ABOUT THIS EXERCISE — Repeat exactly what runs from the line with "The image shows 33" through the last line of the material, and keep the pictures out of it.

LISTED RECORDS —
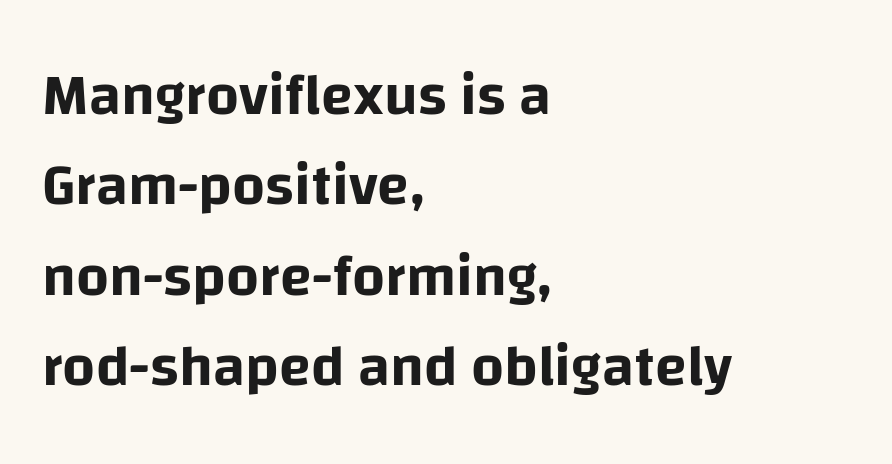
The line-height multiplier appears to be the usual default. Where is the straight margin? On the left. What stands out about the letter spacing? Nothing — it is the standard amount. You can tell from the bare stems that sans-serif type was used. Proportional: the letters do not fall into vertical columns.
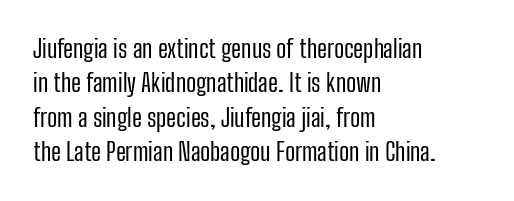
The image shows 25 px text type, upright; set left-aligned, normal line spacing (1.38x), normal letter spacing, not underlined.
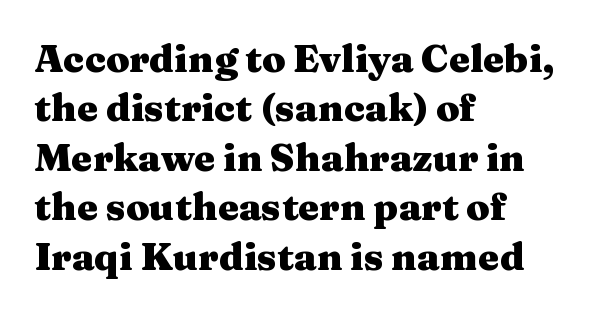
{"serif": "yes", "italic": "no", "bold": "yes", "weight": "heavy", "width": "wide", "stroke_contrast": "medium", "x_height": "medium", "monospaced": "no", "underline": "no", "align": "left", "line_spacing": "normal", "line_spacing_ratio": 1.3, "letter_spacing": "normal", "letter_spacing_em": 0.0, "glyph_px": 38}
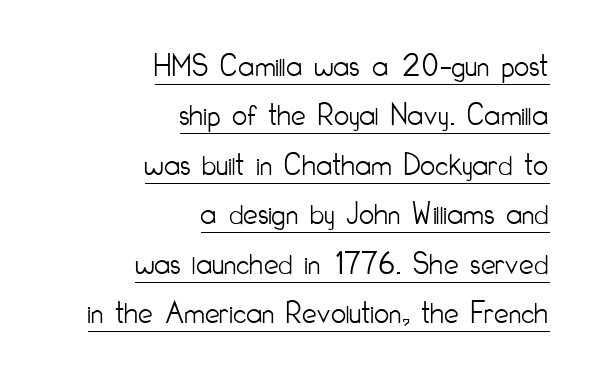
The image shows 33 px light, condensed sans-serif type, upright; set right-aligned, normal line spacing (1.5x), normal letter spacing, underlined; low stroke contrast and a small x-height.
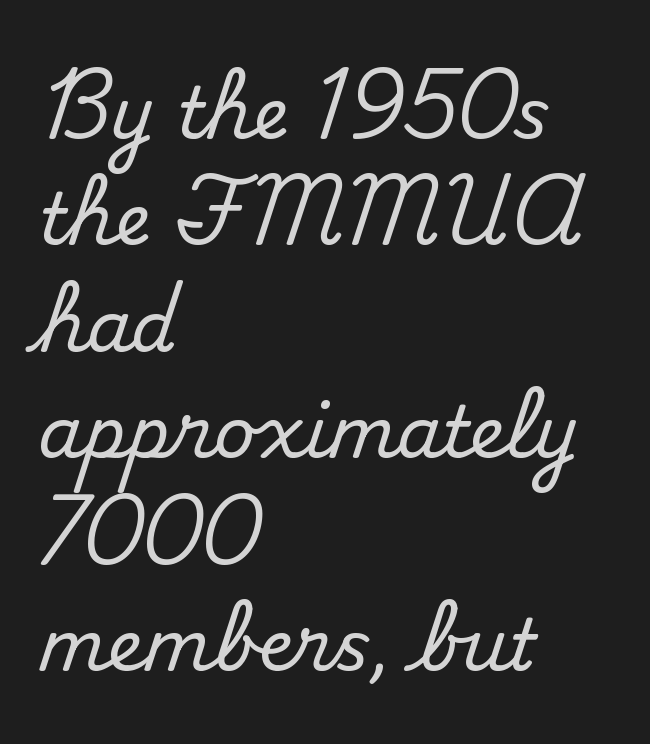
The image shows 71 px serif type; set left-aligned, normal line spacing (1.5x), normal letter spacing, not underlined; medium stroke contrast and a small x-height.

YOUR RESPONSE —
The image shows 33 px light, condensed sans-serif type, upright; set right-aligned, normal line spacing (1.5x), normal letter spacing, underlined; low stroke contrast and a small x-height.
The image shows 71 px serif type; set left-aligned, normal line spacing (1.5x), normal letter spacing, not underlined; medium stroke contrast and a small x-height.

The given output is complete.